In 2019, the Committee on Economic, Social and Cultural Rights similarly found that claimants must show a personal impact, not just a general concern about the state’s action (S.C. & G.P. v Italy). While actio popularis claims are available in some national jurisdictions, this is less common and not an option at the international or regional levels.

What Does this Mean for the Right to a Healthy Environment?

This approach to standing can be distilled down to two key requirements. First, applicants must be particularly affected as individuals or members of a particular group. Second, the harm must have actually occurred or be imminent.

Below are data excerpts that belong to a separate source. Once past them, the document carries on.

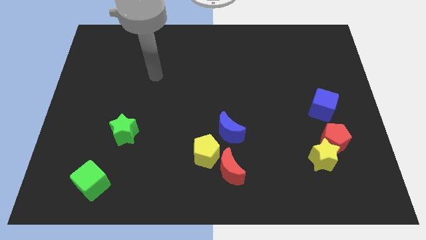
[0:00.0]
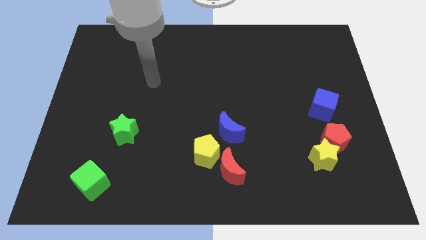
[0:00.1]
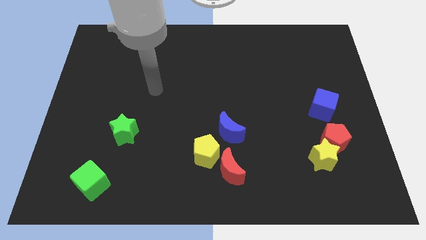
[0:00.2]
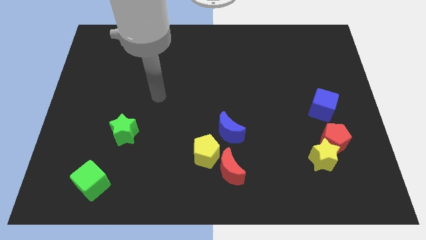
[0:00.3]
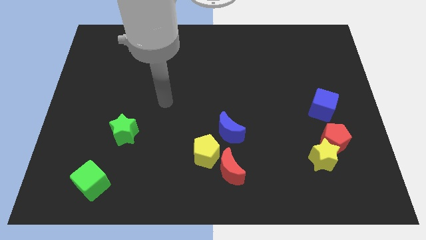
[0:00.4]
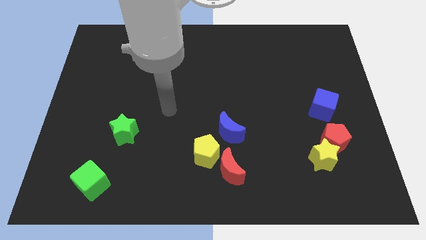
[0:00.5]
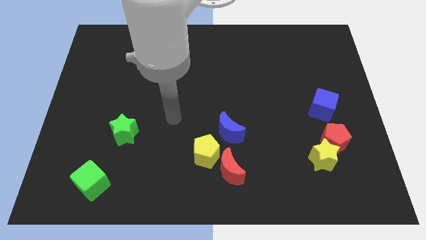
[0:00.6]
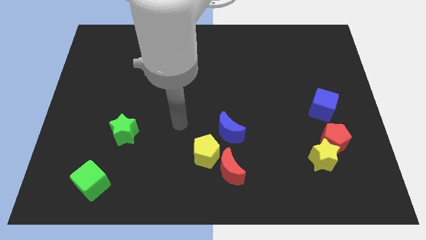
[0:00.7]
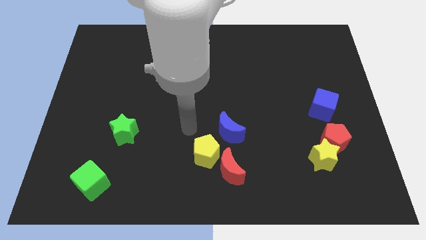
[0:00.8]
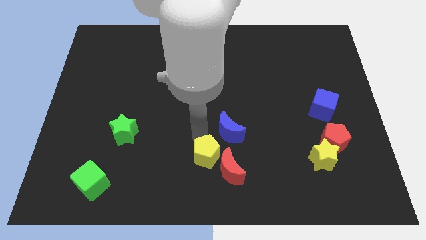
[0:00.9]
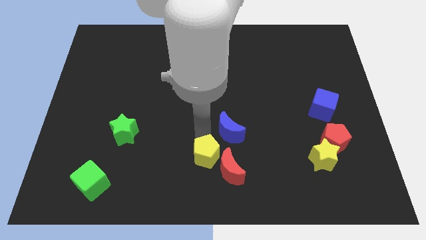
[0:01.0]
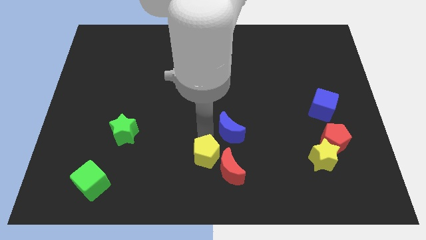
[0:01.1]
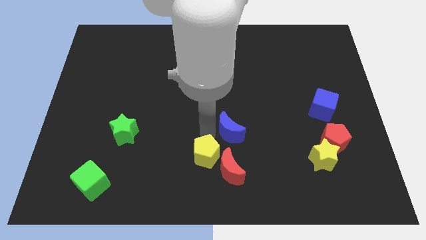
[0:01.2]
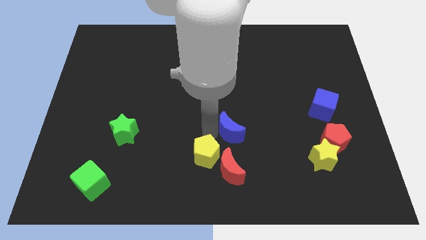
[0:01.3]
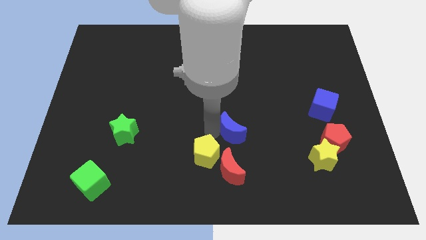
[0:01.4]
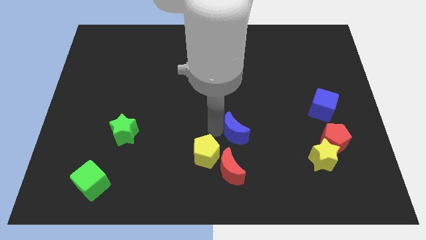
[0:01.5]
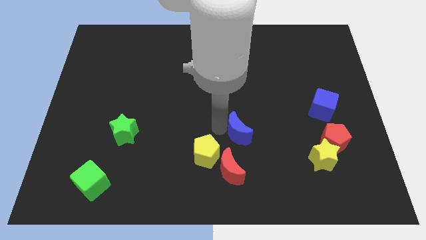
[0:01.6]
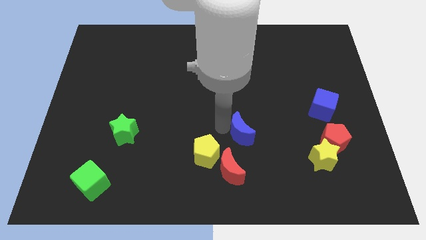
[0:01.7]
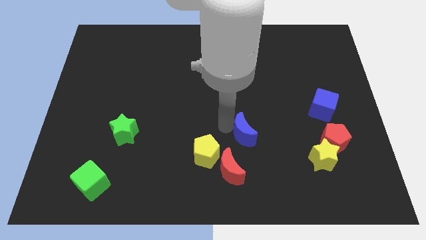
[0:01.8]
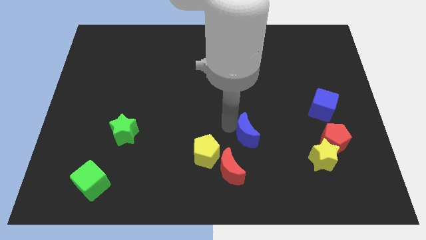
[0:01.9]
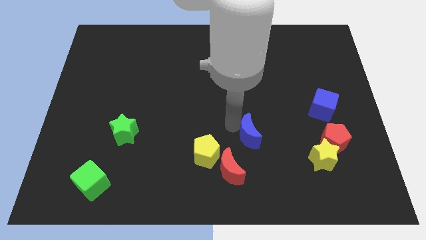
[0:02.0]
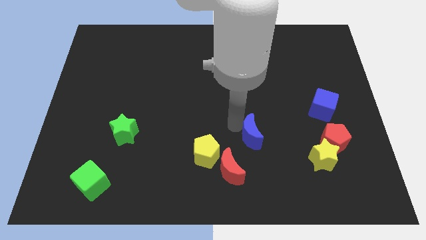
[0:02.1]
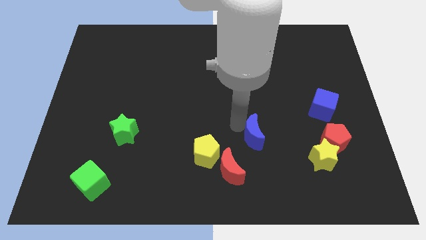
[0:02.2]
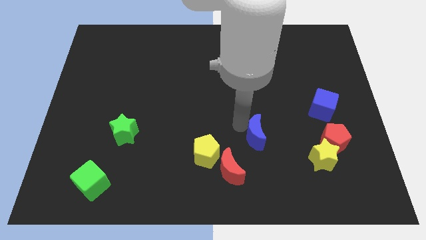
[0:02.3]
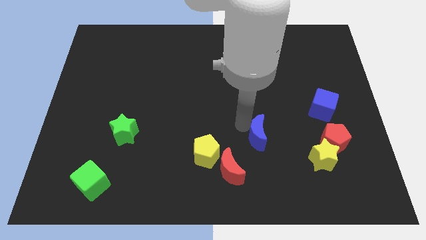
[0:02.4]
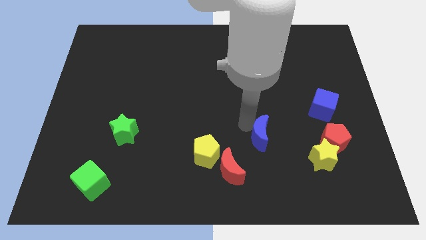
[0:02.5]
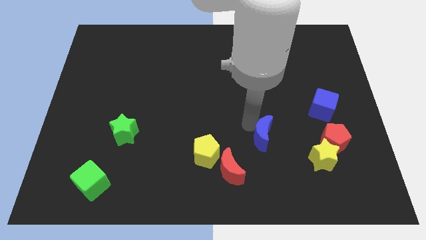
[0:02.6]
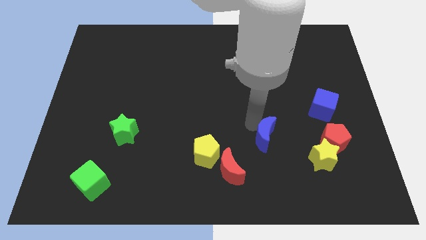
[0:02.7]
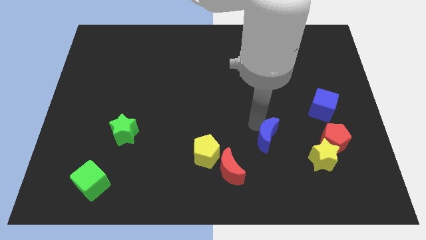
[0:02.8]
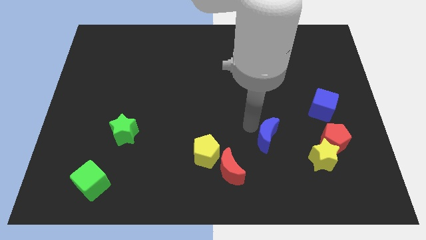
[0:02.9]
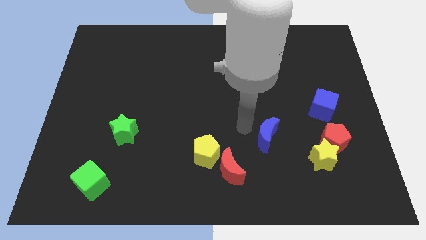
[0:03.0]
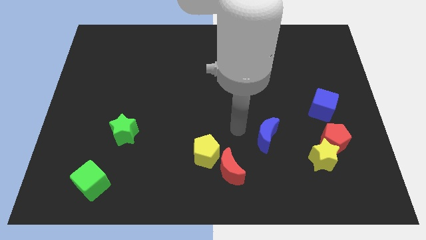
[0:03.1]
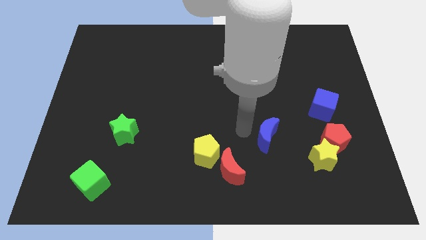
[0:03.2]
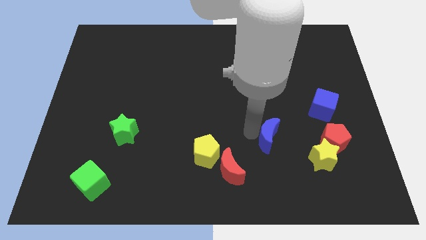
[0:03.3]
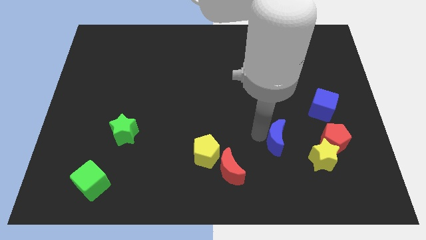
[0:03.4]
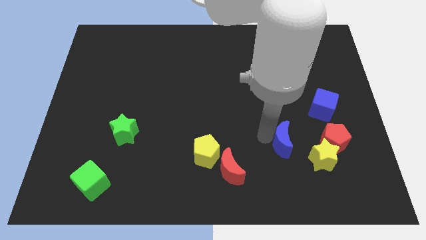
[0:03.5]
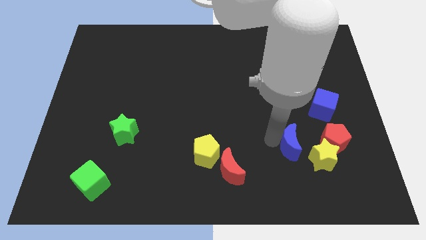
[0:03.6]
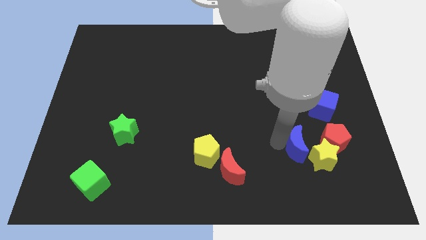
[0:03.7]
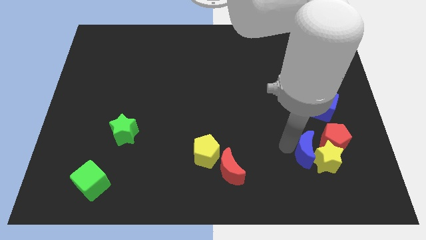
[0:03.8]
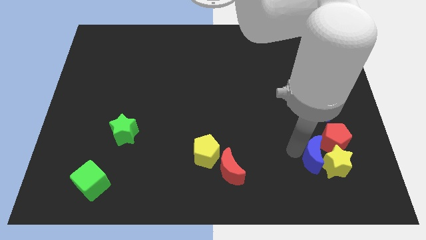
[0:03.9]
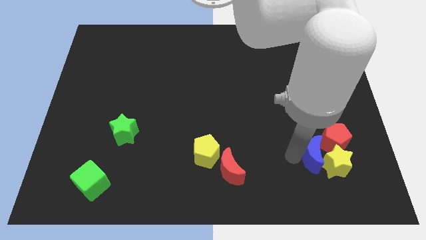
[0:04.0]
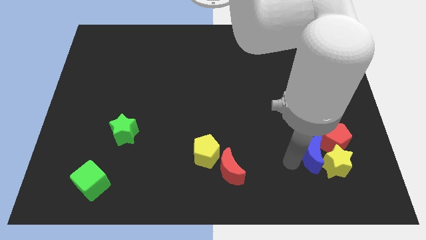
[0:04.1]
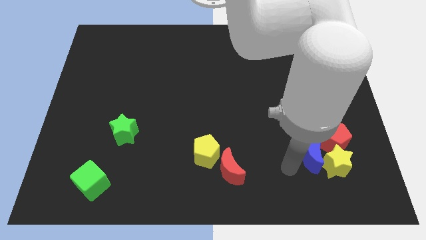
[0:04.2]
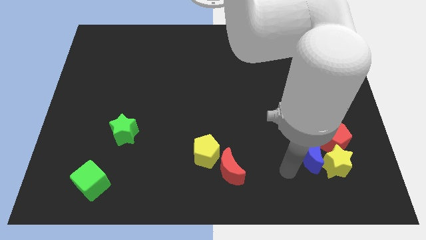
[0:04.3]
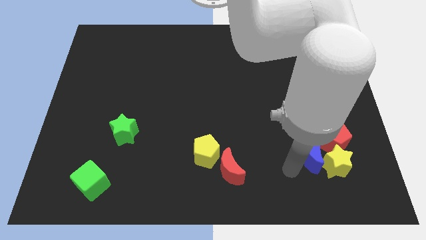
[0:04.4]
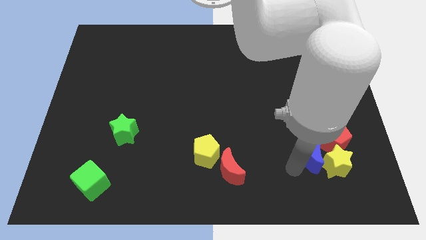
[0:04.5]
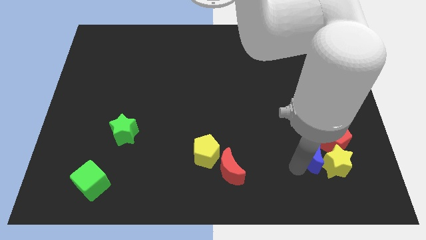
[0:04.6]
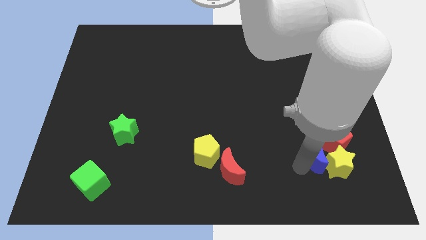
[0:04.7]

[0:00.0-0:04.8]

Each of these requirements is potentially problematic for enforcing the right to a healthy environment.

The cases show that it’s fairly easy to show an individualised impact if a person lives near a polluted waterway or a toxic waste dump which harms their health. But if the problem is more general or remote, for instance the loss of habitat, or inappropriate development that threatens an ecosystem, then showing the necessary personal impact to establish standing will be more difficult.

The recent HRC decision in Billy et al v Australia helps illustrate these challenges. The HRC admitted the Torres Strait Islanders’ complaint, acknowledging that the loss of marine ecosystems from climate change affects them directly because of the cultural importance of those ecosystems and resources. Applying the test outlined above, the applicants could establish a personal impact arising from the environmental harm through the link to their culture and traditions. But absent that cultural connection it could be more difficult to show a direct or personal impact, and there is a risk that this sort of approach creates a burden for First Nations peoples to enforce the right to a healthy environment by linking it to their cultural rights.

The case also demonstrates the challenge of enforcing rights against anticipated environmental harms. Some parts of the claim were unsuccessful because the majority of the Committee felt that there was still time for Australia to take action to avoid the harm from rising seas. That is, the harm from climate change was not yet imminent.

Showing victim status for environmental claims may prove difficult because environmental harm isn’t always something that people experience personally and directly and because the harm, while it may be foreseeable or even anticipated, isn’t always imminent.

Does Standing Really Matter?

Clearly there are challenges if we try to use conventional approaches to standing to enforce the right to a healthy environment. However, some might ask whether enforceability really matters. The UNGA resolution has been widely celebrated despite not being legally binding. Certainly, the level of support for the resolution is a very significant statement (161 votes in favour, no votes against, eight abstentions). In a similar vein, perhaps the value of the right to a healthy environment lies in its symbolism of the inextricable relationship between the environment and human rights. 

However, if the right cannot be legally enforced, some might come to question its contribution and even its legitimacy. Successful environmental rights cases in the past have usually involved clear impacts on other rights, like the rights to culture, health, or private and family life. Without special rules for standing, we may struggle to enforce the right to a healthy environment as something distinct, and not just as a restatement of the environmental dimensions of other rights. If all it does is protect rights we already have, we could question its contribution.

This points to a potentially bigger question about how we define the right to a healthy environment. Can it protect the environment in an ecocentric sense, or does it only capture the anthropocentric value of the environment, that is, the way it supports the enjoyment of other human rights?

Confirming the importance of the environment to human rights is a huge contribution of the right to a healthy environment, but further work is needed on the question of enforcement. Without a broad basis for standing, we may find that the right is unable to live up to its potential.